There is 'duplication' in language, this is why at national levels people have some form of a number (social security number in the US) that is unique to each individual -- even if they have the same name. For locations, each city in the US has a FIPS code (like we used with the census) that is unique, even if a town or city shares a name with a town in another state. 
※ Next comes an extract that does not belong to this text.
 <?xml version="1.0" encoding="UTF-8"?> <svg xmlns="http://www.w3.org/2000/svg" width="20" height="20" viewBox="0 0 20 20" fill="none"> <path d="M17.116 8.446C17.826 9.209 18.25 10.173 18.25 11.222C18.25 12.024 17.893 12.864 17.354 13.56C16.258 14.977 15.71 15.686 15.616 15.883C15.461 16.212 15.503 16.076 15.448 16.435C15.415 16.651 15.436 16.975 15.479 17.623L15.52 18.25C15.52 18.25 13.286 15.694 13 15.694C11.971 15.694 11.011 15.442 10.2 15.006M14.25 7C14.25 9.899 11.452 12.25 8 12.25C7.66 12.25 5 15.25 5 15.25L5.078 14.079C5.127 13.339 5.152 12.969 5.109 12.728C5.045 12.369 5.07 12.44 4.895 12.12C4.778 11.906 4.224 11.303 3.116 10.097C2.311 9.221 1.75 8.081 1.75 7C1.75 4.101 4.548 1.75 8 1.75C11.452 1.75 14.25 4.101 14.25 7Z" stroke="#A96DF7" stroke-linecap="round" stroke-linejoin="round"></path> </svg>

Disambiguation is the process of creating these unique entity indices for our own entities -- we are essentially taking all of the entities that we find and trying to reduce the pool down to the unique entities and assign a "SSN" to each unique pool of entities. Thus, we know that `IAGO` in line 10 is the same entity as `IAGO` in line 1000.

## Exercise Discussion. 

What features would you think to use in something like author name disambiguation?


## Back to our usage

We don't have much of a real example to work through here because what we would care about is direct matching. In the real world we would typically have to deal with misspellings or variations in spellings, which is what grows the pipeline. One of the most fundamental techniques in doing disambiguation is leveraging fuzzy matching to generate potential candidates. Names with a high-similarity are considered as potential match candidates for further consideration and low-similarity candidates are discarded. 

In [None]:
!pip install fuzzywuzzy

In [None]:
from fuzzywuzzy import fuzz

fuzz.ratio("IAGO", "IAG")

In [None]:
fuzz.ratio("OTHELLO", "IAGO")

In [None]:
fuzz.ratio("DESDEMONA", "IAGO")

In [None]:
fuzz.ratio("DESDEMONA", "OTHELLO")

As you can see here a dropped character is still giving us a high match ratio, while different names are giving poor matches. Of course choosing where 'high' and 'low' is is effectively another algorithm that you are creating. As such, it needs to be "trained" and optimized to be specific to your data. Importantly, fuzzymatching is not a silver bullet since it's relying on numerical measures -- the length of your target strings will have an impact on the calculated ratios (and thus how you might want to set your cut-off for a high match or not).